• Problem to solve
Find the line containing "Question: Please read", then print it and each line after it through the end of the listing exactly, with no pictures.

• Information
****************************************

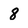
Character: 8
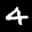
Label: 4
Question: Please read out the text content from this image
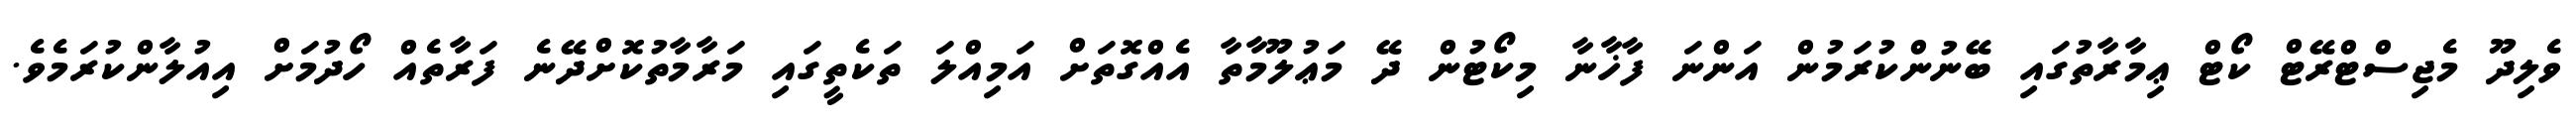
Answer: ވެލިދޫ މެޖިސްޓްރޭޓް ކޯޓް ޢިމާރާތުގައި ބޭނުންކުރަމުން އަންނަ ފާޚާނާ މިކޯޓުން ދޭ މަޢުލޫމާތާ އެއްގޮތަށް އަމިއްލަ ތަކެތީގައި މަރާމާތުކޮށްދޭނެ ފަރާތެއް ހޯދުމަށް އިއުލާންކުރަމެވެ.
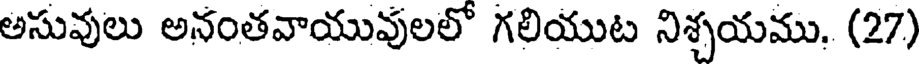
అసువులు అనంతవాయువులలో గలియుట నిశ్చయము. (27)
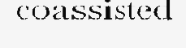
coassisted
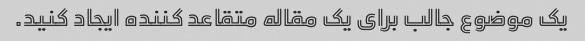
یک موضوع جالب برای یک مقاله متقاعد کننده ایجاد کنید.
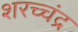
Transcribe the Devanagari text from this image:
शरच्चंंद्र
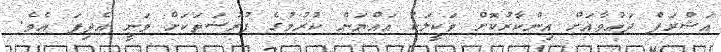
އަޝްރަފް ދައުވާއަށް އިންކާރުކޮށް ވަކީލަކު އައްޔަން ކުރުމުގެ ފުރުސަތަކަށް ވަނީ އެދިފަ އެވެ.
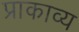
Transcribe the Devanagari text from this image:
प्राकाव्य
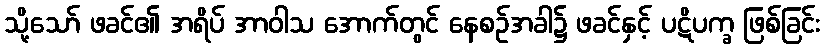
သို့သော် ဖခင်၏ အရိပ် အာဝါသ အောက်တွင် နေစဉ်အခါ၌ ဖခင်နှင့် ပဋိပက္ခ ဖြစ်ခြင်း
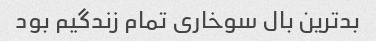
بدترین بال سوخاری تمام زندگیم بود

****************************************

• Solution to this exercise
Question: Please read out the text content from this image
Answer: ވެލިދޫ މެޖިސްޓްރޭޓް ކޯޓް ޢިމާރާތުގައި ބޭނުންކުރަމުން އަންނަ ފާޚާނާ މިކޯޓުން ދޭ މަޢުލޫމާތާ އެއްގޮތަށް އަމިއްލަ ތަކެތީގައި މަރާމާތުކޮށްދޭނެ ފަރާތެއް ހޯދުމަށް އިއުލާންކުރަމެވެ.
అసువులు అనంతవాయువులలో గలియుట నిశ్చయము. (27)
coassisted
یک موضوع جالب برای یک مقاله متقاعد کننده ایجاد کنید.
Transcribe the Devanagari text from this image:
शरच्चंंद्र
އަޝްރަފް ދައުވާއަށް އިންކާރުކޮށް ވަކީލަކު އައްޔަން ކުރުމުގެ ފުރުސަތަކަށް ވަނީ އެދިފަ އެވެ.
Transcribe the Devanagari text from this image:
प्राकाव्य
သို့သော် ဖခင်၏ အရိပ် အာဝါသ အောက်တွင် နေစဉ်အခါ၌ ဖခင်နှင့် ပဋိပက္ခ ဖြစ်ခြင်း
بدترین بال سوخاری تمام زندگیم بود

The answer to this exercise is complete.